Task prompt.
Once the pictures are removed, return each record below exactly as written.
────────────────
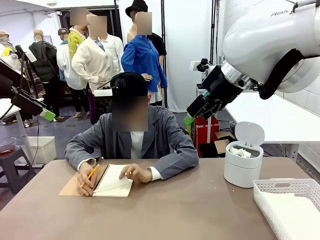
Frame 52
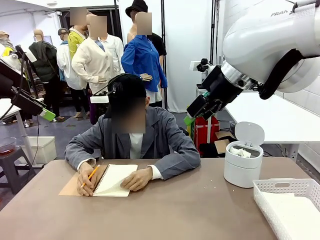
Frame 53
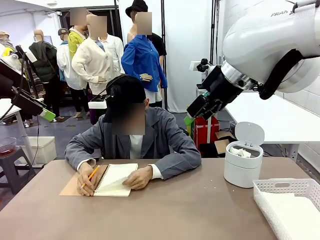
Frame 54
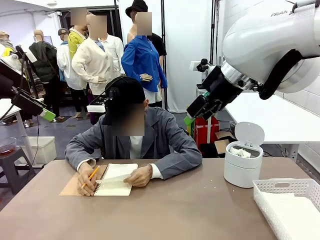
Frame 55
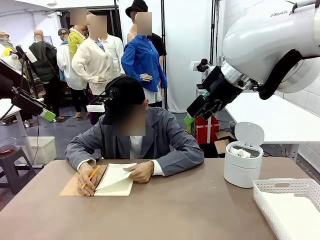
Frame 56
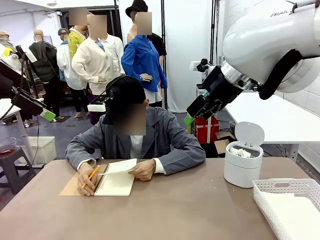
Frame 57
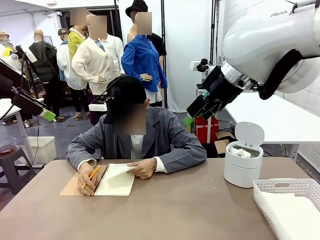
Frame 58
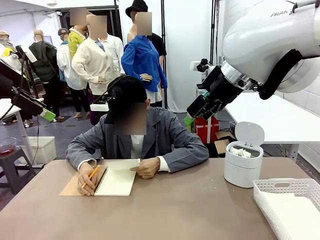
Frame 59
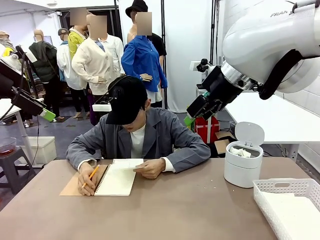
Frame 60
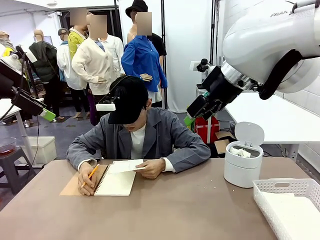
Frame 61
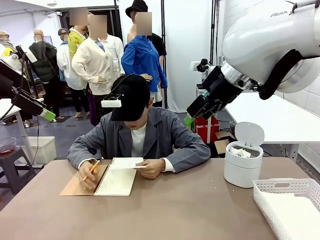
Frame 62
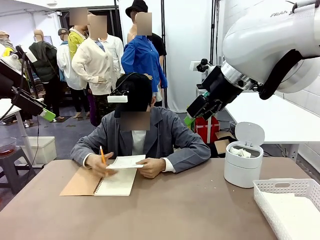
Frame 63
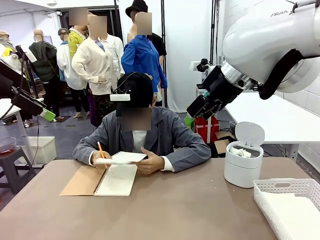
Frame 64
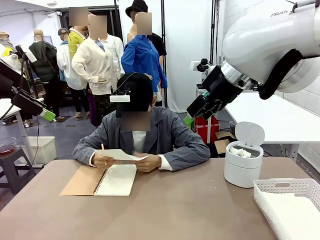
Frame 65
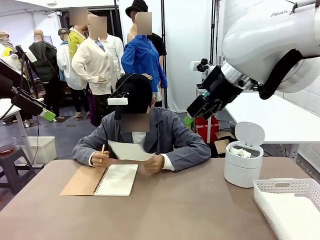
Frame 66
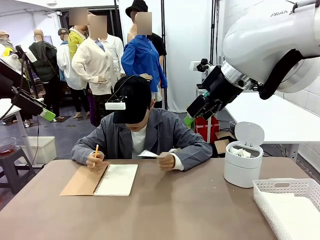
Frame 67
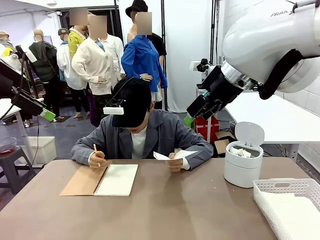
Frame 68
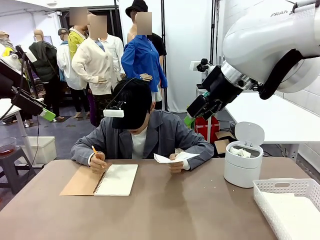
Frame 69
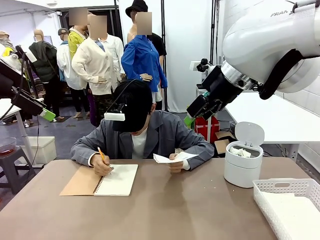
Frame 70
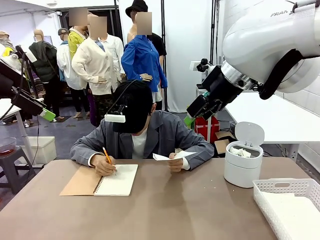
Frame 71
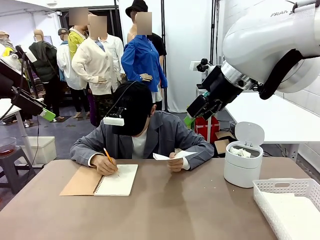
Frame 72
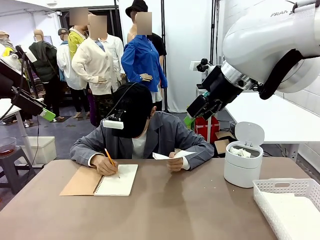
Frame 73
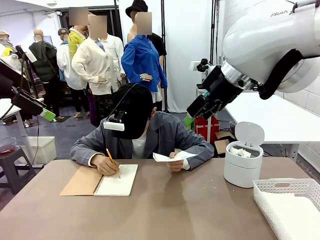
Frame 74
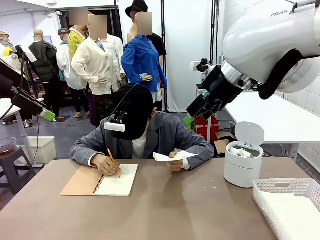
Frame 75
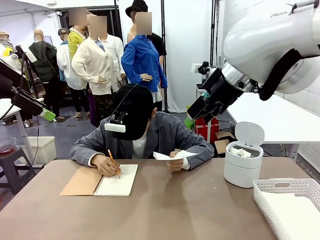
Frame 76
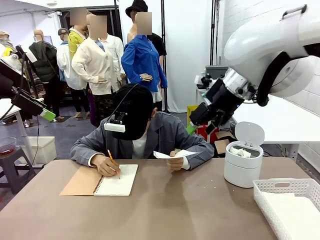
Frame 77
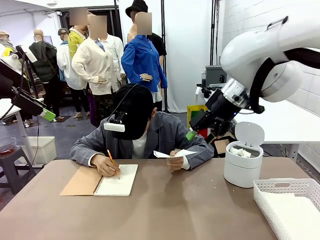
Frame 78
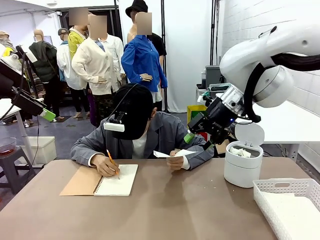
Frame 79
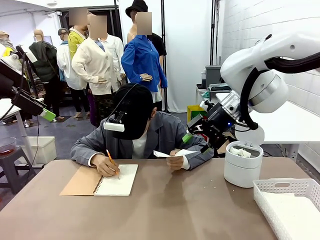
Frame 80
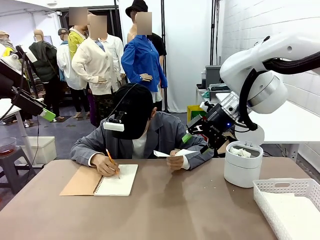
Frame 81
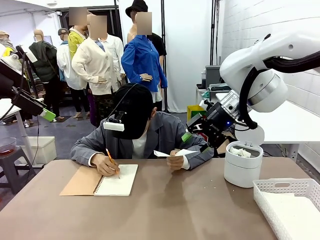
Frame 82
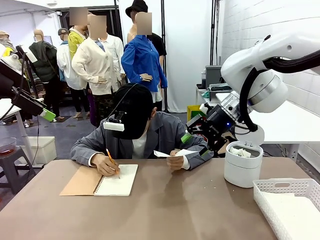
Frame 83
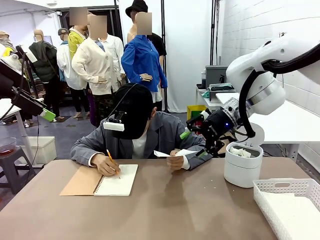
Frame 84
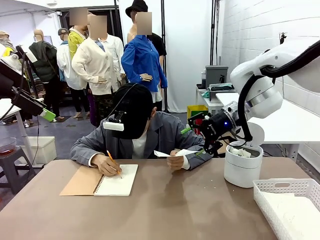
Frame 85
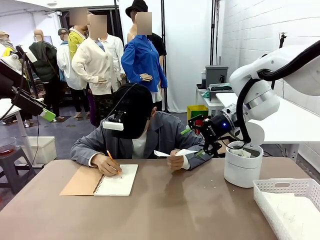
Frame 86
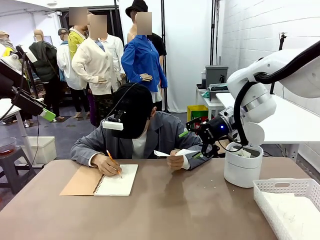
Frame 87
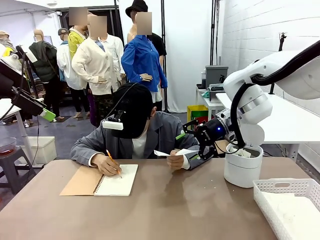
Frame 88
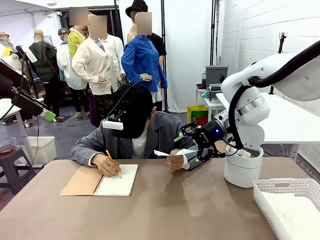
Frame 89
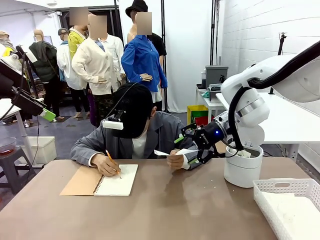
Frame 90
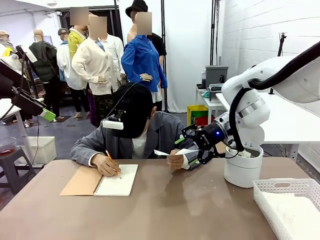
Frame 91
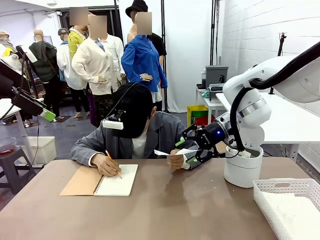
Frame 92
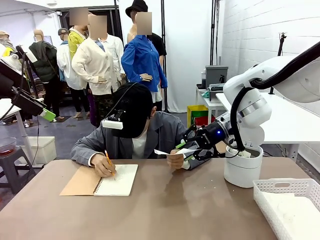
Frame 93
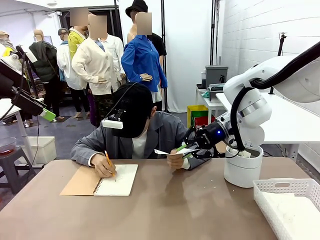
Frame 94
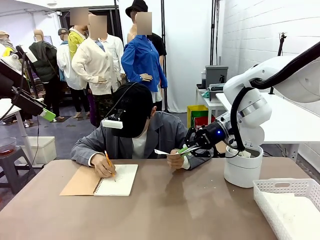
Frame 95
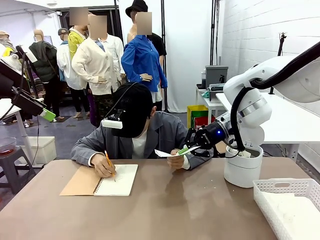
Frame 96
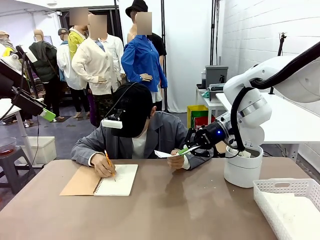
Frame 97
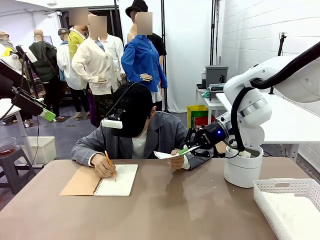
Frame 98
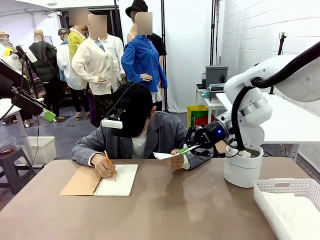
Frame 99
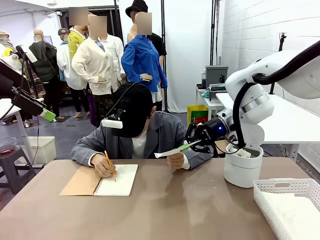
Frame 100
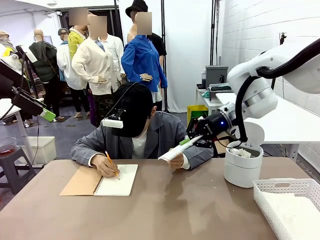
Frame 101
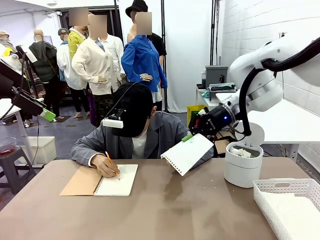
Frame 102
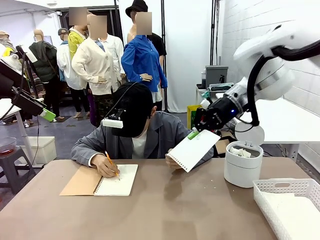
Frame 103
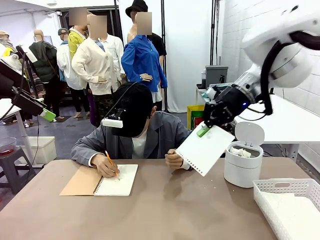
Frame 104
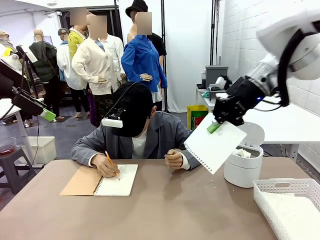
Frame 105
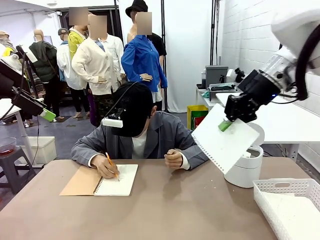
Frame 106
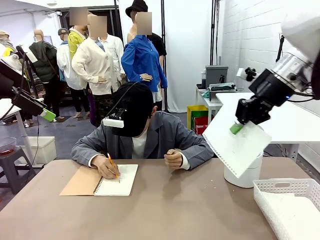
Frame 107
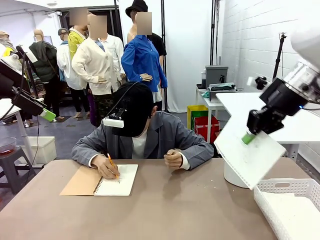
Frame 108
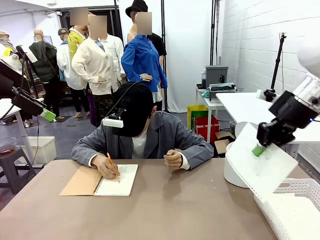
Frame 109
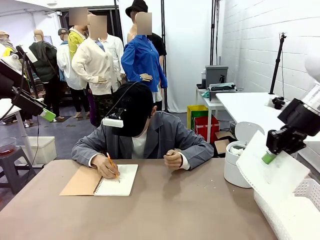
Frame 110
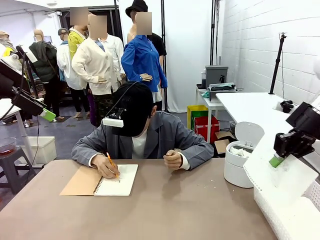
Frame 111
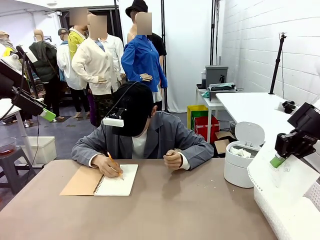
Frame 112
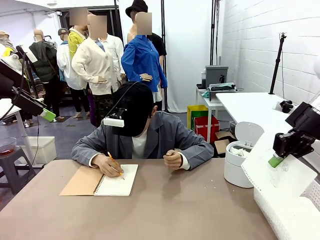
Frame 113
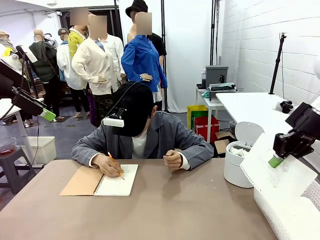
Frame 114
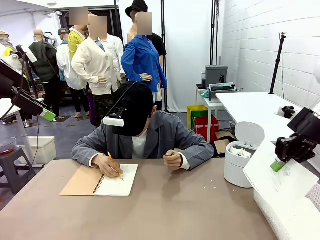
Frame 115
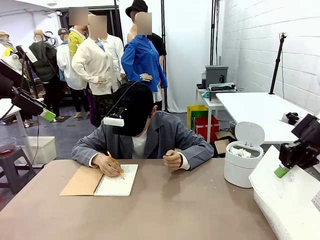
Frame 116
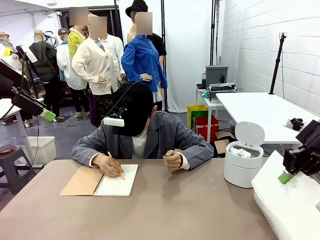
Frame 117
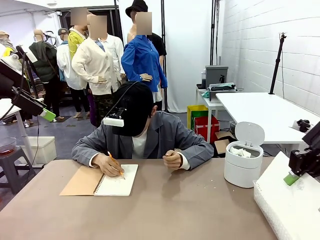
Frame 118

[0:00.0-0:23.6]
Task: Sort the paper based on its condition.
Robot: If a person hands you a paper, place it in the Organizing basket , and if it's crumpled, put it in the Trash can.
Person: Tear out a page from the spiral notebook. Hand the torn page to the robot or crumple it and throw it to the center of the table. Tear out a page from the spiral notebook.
────────────────
Response to the exercise.
Frame 52
Frame 53
Frame 54
Frame 55
Frame 56
Frame 57
Frame 58
Frame 59
Frame 60
Frame 61
Frame 62
Frame 63
Frame 64
Frame 65
Frame 66
Frame 67
Frame 68
Frame 69
Frame 70
Frame 71
Frame 72
Frame 73
Frame 74
Frame 75
Frame 76
Frame 77
Frame 78
Frame 79
Frame 80
Frame 81
Frame 82
Frame 83
Frame 84
Frame 85
Frame 86
Frame 87
Frame 88
Frame 89
Frame 90
Frame 91
Frame 92
Frame 93
Frame 94
Frame 95
Frame 96
Frame 97
Frame 98
Frame 99
Frame 100
Frame 101
Frame 102
Frame 103
Frame 104
Frame 105
Frame 106
Frame 107
Frame 108
Frame 109
Frame 110
Frame 111
Frame 112
Frame 113
Frame 114
Frame 115
Frame 116
Frame 117
Frame 118

[0:00.0-0:23.6]
Task: Sort the paper based on its condition.
Robot: If a person hands you a paper, place it in the Organizing basket , and if it's crumpled, put it in the Trash can.
Person: Tear out a page from the spiral notebook. Hand the torn page to the robot or crumple it and throw it to the center of the table. Tear out a page from the spiral notebook.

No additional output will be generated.